Jamie Feick

Personal information
- Born: July 3, 1974 (age 52) Lexington, Ohio, U.S.
- Listed height: 6 ft 9 in (2.06 m)
- Listed weight: 255 lb (116 kg)

Career information
- High school: Lexington (Lexington, Ohio)
- College: Michigan State (1992–1996)
- NBA draft: 1996: 2nd round, 48th overall pick
- Drafted by: Philadelphia 76ers
- Playing career: 1996–2001
- Position: Center
- Number: 50, 14, 11, 18

Career history
- 1996–1997: Oklahoma City Cavalry
- 1997: Charlotte Hornets
- 1997: San Antonio Spurs
- 1997: Unicaja Málaga
- 1997–1999: Milwaukee Bucks
- 1999–2003: New Jersey Nets

Career NBA statistics
- Points: 911 (4.5 ppg)
- Rebounds: 1,437 (7.1 rpg)
- Assists: 139 (0.7 apg)
- Stats at NBA.com
- Stats at Basketball Reference

= Jamie Feick =

American basketball player (born 1974)

Jamie Feick (born July 3, 1974) is an American former professional basketball player. A center from Michigan State University, Feick played in the NBA from 1996 to 2001. He played for the Charlotte Hornets, San Antonio Spurs, Milwaukee Bucks and New Jersey Nets.
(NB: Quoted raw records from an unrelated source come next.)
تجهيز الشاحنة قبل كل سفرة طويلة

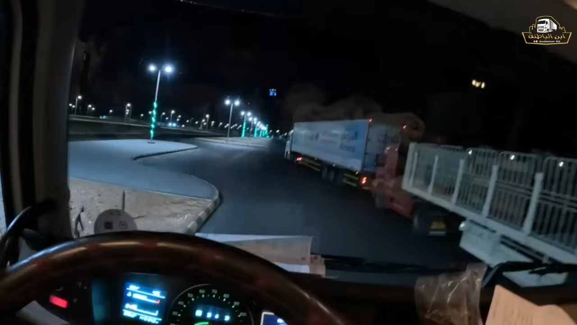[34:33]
كنت صاف هنا وشفته بيطول هذا، قال يحتاج لساعة ونص ليفرغ الخزان، قلنا لا احسن
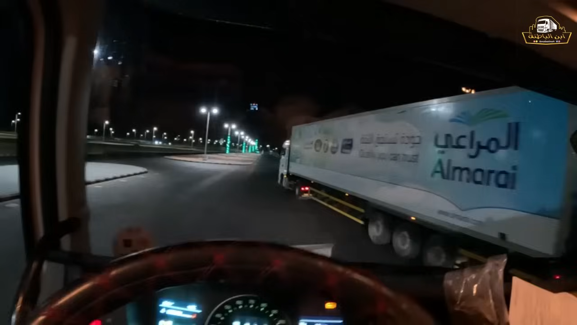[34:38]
نوجه المحطة اللي بعدها، محطة السوداني بعد 10 كيلو
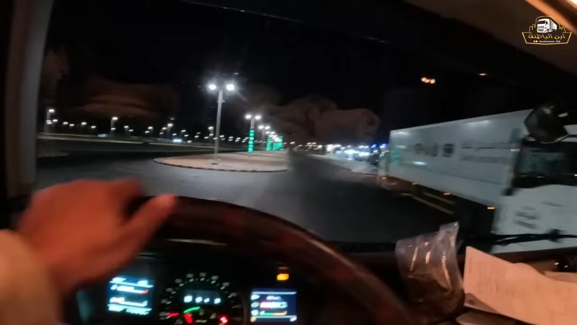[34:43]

He was selected by the Philadelphia 76ers in the second round (48th pick overall) of the 1996 NBA draft.

==Playing career==

He won a high school state championship with Lexington High School in 1991.
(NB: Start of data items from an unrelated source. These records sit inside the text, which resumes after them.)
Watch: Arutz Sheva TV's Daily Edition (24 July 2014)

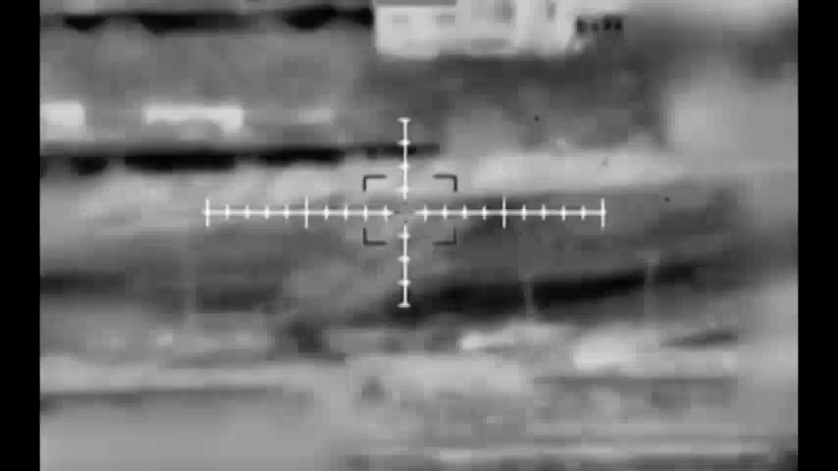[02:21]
In this video, we can see how the IDF ground, naval, and aerial forces work together to take down Hamas terror targets in Gaza.
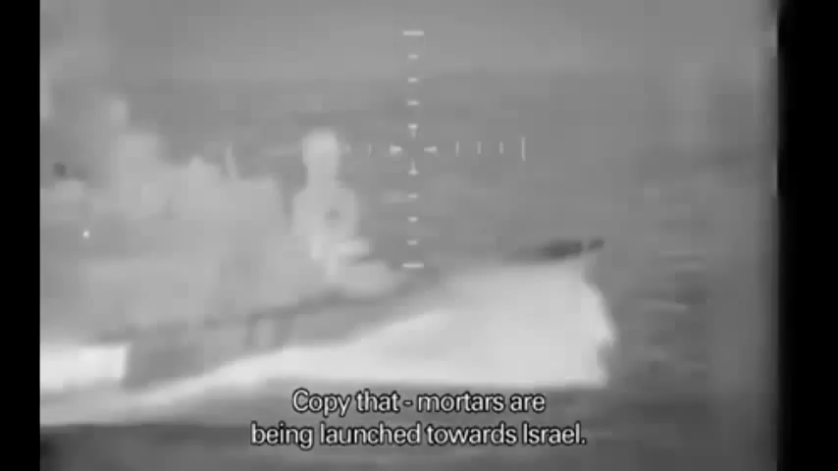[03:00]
קבל שהיד ולשים ממנו פצמ"רים לכיוון ישראל, אני מבקש לסגור מיידית לכיוון ולדווח לי מתי אתה מוכן לירי. קיבלתי, אני מכניס ומתחיל כניסה על שתי היעדים.
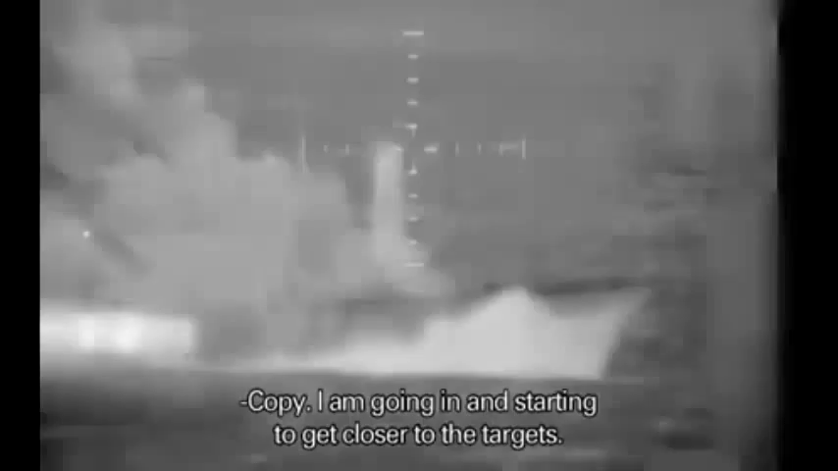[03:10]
קבל שבמקום יש מטרה שקיבלנו דרישה לסיוע מיידי ויש מפיקוד דרום.
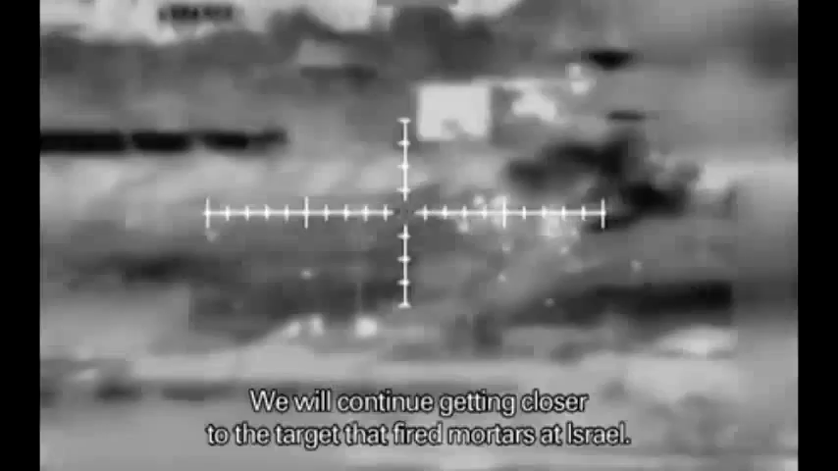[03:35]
לאזור ממנו יצאו פגזים ופצמ"רים לכיוון ישראל.

In his NBA career, Feick played in 201 games and scored a total of 911 points. In the lockout-shortened 1999 season, Feick averaged 11 rebounds per game in 26 games for the New Jersey Nets, and on January 20, 2000, recorded 12 points and 25 rebounds in one game. His last games were in the 2000–01 season, when his career was ended by an Achilles tendon injury. He remained officially on New Jersey's roster until April 2003 despite the Nets attempting to have his contract terminated as early as June 2002.

==NBA career statistics==

===Regular season===

| Year | Team | GP | GS | MPG | FG% | 3P% | FT% | RPG | APG | SPG | BPG | PPG |
|---|---|---|---|---|---|---|---|---|---|---|---|---|
| 1996–97 | Charlotte | 3 | 0 | 3.3 | .500 | 1.000 | .000 | 1.0 | 0.0 | 0.0 | 0.3 | 1.7 |
| 1996–97 | San Antonio | 38 | 0 | 16.2 | .353 | .308 | .523 | 5.6 | 0.7 | 0.4 | 0.3 | 3.8 |
| 1997–98 | Milwaukee | 45 | 2 | 10.0 | .433 | .308 | .488 | 2.8 | 0.4 | 0.6 | 0.4 | 2.3 |
| 1998–99 | Milwaukee | 2 | 0 | 1.5 | .000 | .000 | .000 | 1.0 | 0.0 | 0.0 | 0.0 | 0.0 |
| 1998–99 | New Jersey | 26 | 16 | 32.7 | .504 | .000 | .717 | 11.0 | 0.9 | 1.0 | 0.7 | 6.8 |
| 1999–00 | New Jersey | 81 | 17 | 27.7 | .428 | 1.000 | .707 | 9.3 | 0.8 | 0.5 | 0.5 | 5.7 |
| 2000–01 | New Jersey | 6 | 0 | 24.8 | .348 | .000 | .500 | 9.3 | 0.8 | 1.3 | 0.5 | 3.7 |
| Career |  | 201 | 35 | 21.5 | .424 | .400 | .629 | 7.1 | 0.7 | 0.6 | 0.4 | 4.5 |

==Other careers==
In 2008 Feick joined the Walmart FLW bass fishing tournaments tour. In 2009 and 2010 he competed in the majors division, entering seven tournaments and earning $10,500. In late 2010 he left professional fishing to take the job of head basketball coach at Lexington High School in Lexington, Ohio, where he had attended as a student and won two state basketball titles.

Feick is also the co-founder and CEO of Mid-Ohio Tubing LLC, which he co-founded with Wayne Riffe on August 2, 2013.